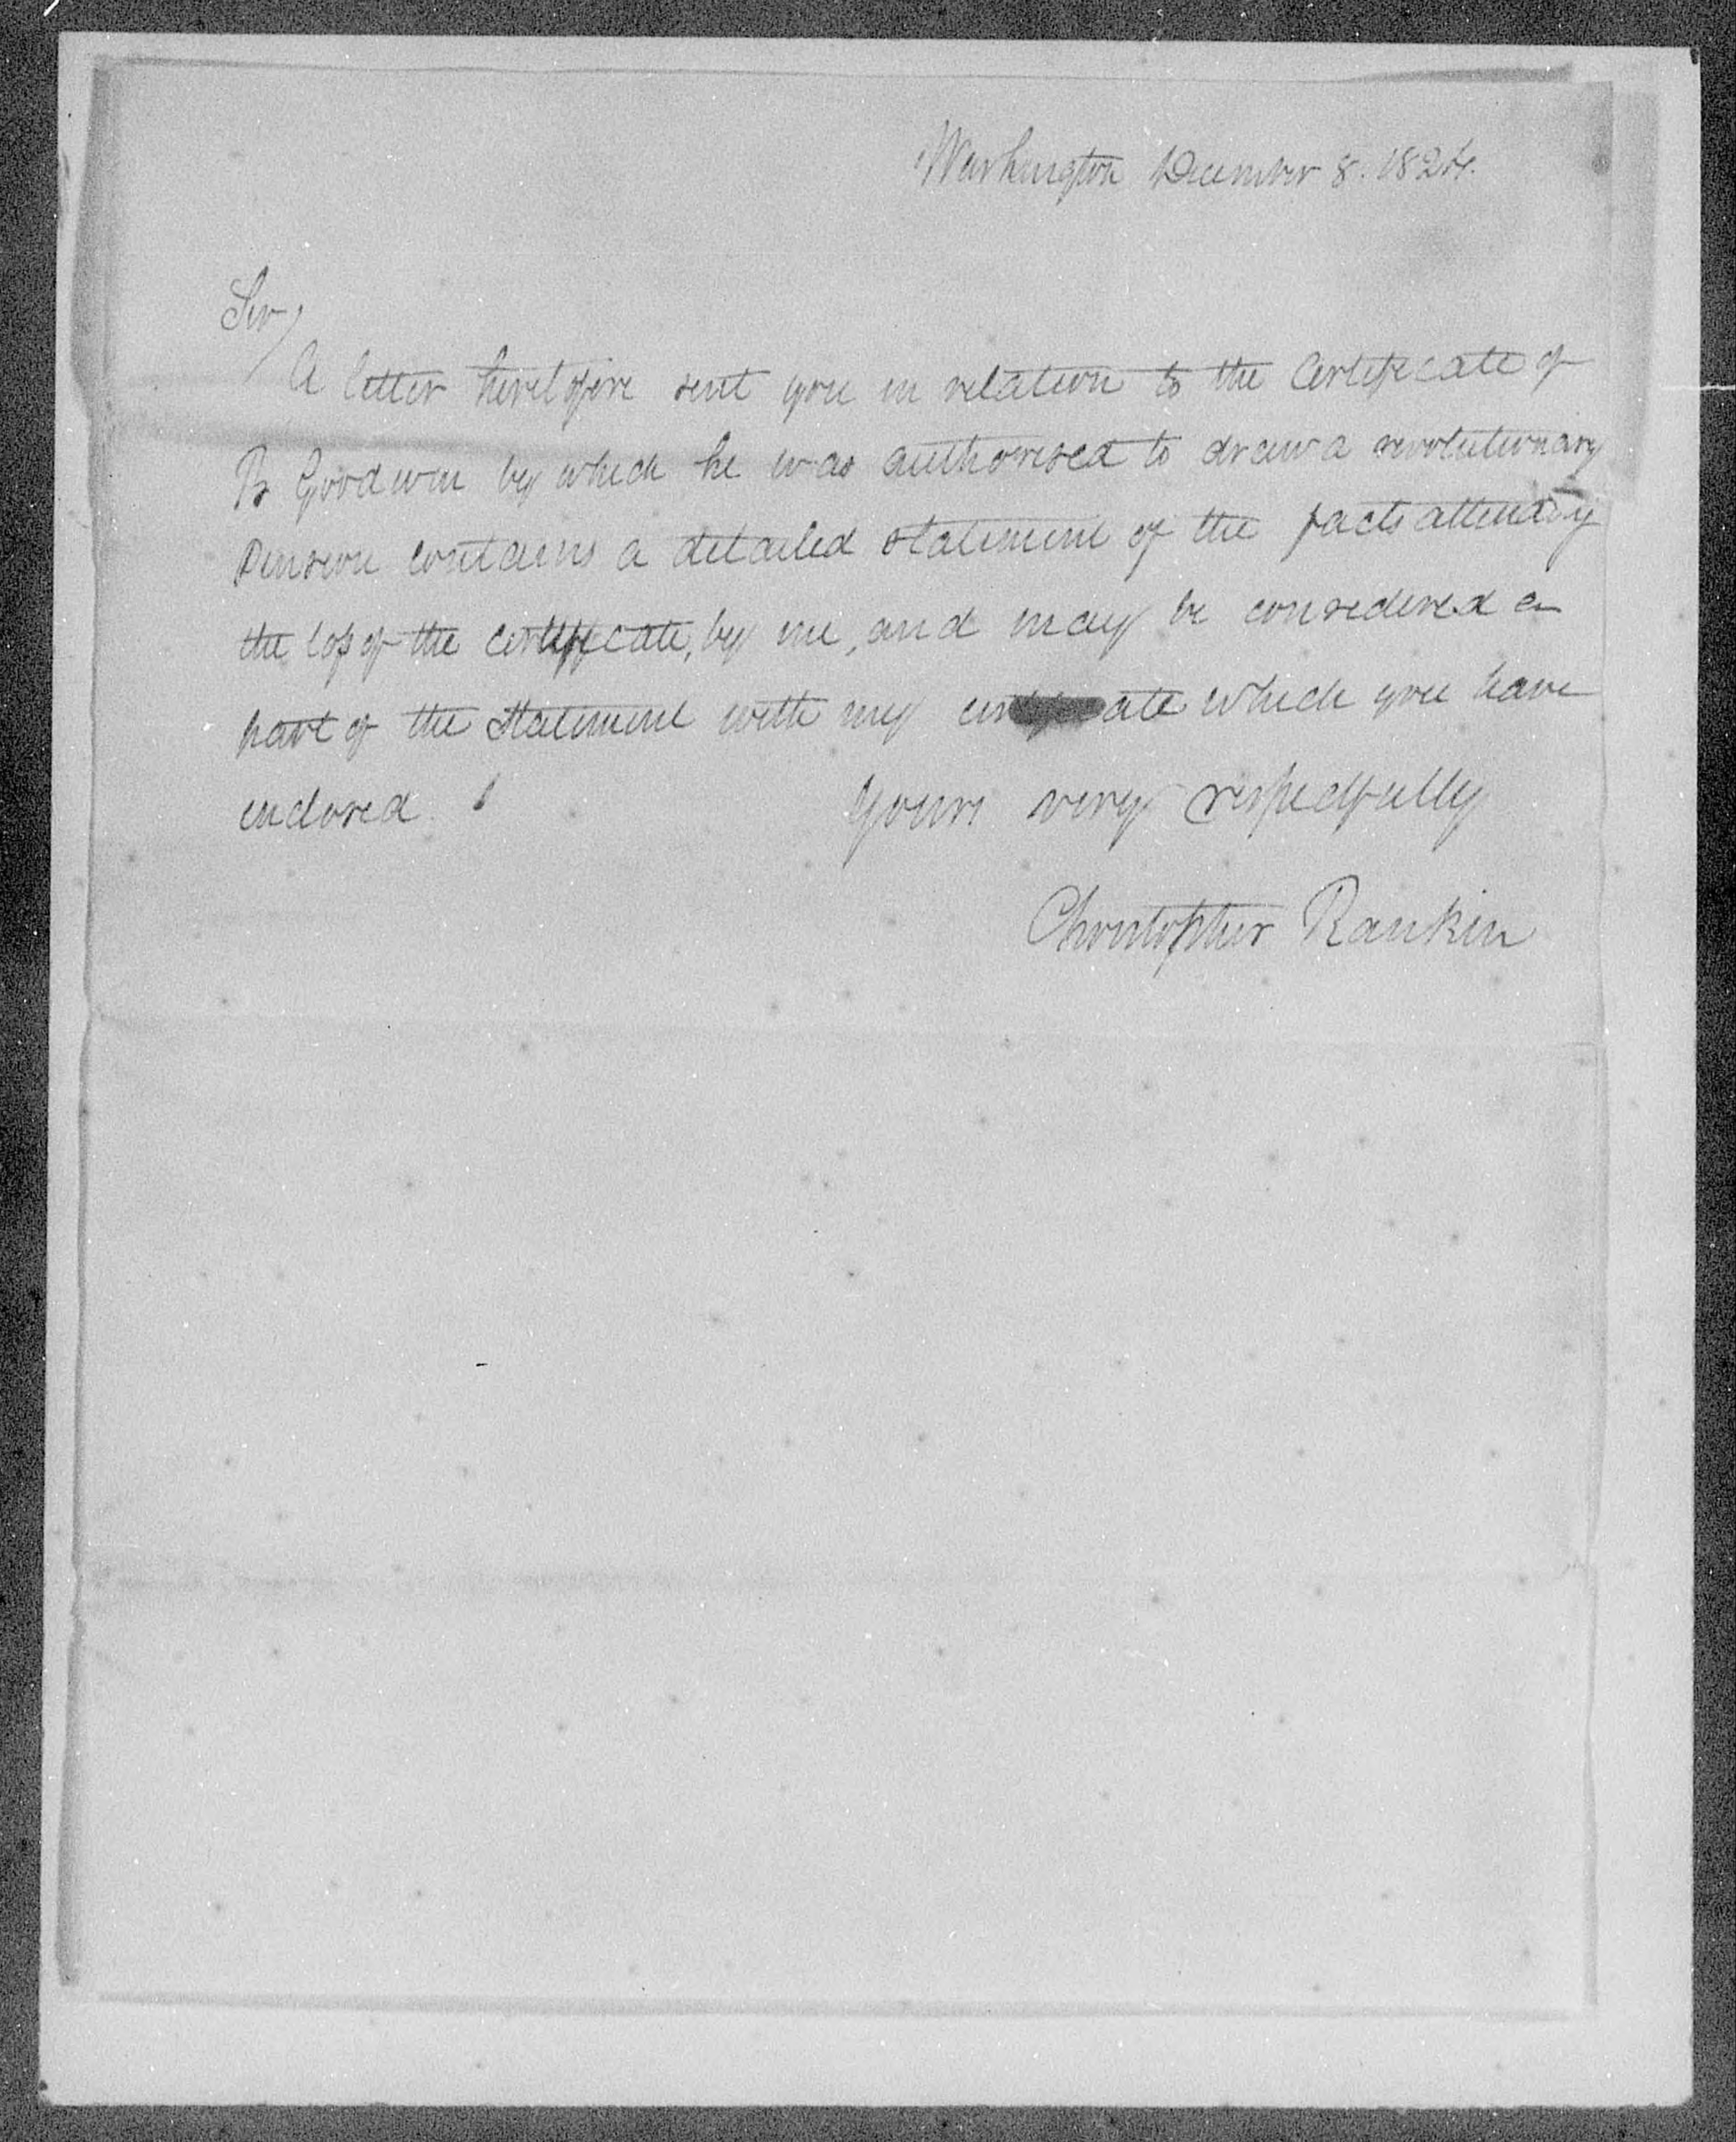Washington December 8, 1824.
Sir,
A letter heretofore sent you in relation to the Certificate of B Goodwin by which he was authorised to draw a revolutionary pension contains a detailed statement of the facts attending the top of the certificate, by me, and may be considered a part of the statement with my certificate which you have enclosed.
Yours very respectfully
Christopher Rankin

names: Christopher Rankin, B Goodwin
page: 19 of 24
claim: survivor's
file: S. 34903, Benjamin Goodwin, Va.

◇ ◇ ◇ ◇

• _WHAT NEEDS TO BE DONE_
The full material above must be output verbatim, minus any pictures.

• _RESPONSE AREA_
Washington December 8, 1824.
Sir,
A letter heretofore sent you in relation to the Certificate of B Goodwin by which he was authorised to draw a revolutionary pension contains a detailed statement of the facts attending the top of the certificate, by me, and may be considered a part of the statement with my certificate which you have enclosed.
Yours very respectfully
Christopher Rankin

names: Christopher Rankin, B Goodwin
page: 19 of 24
claim: survivor's
file: S. 34903, Benjamin Goodwin, Va.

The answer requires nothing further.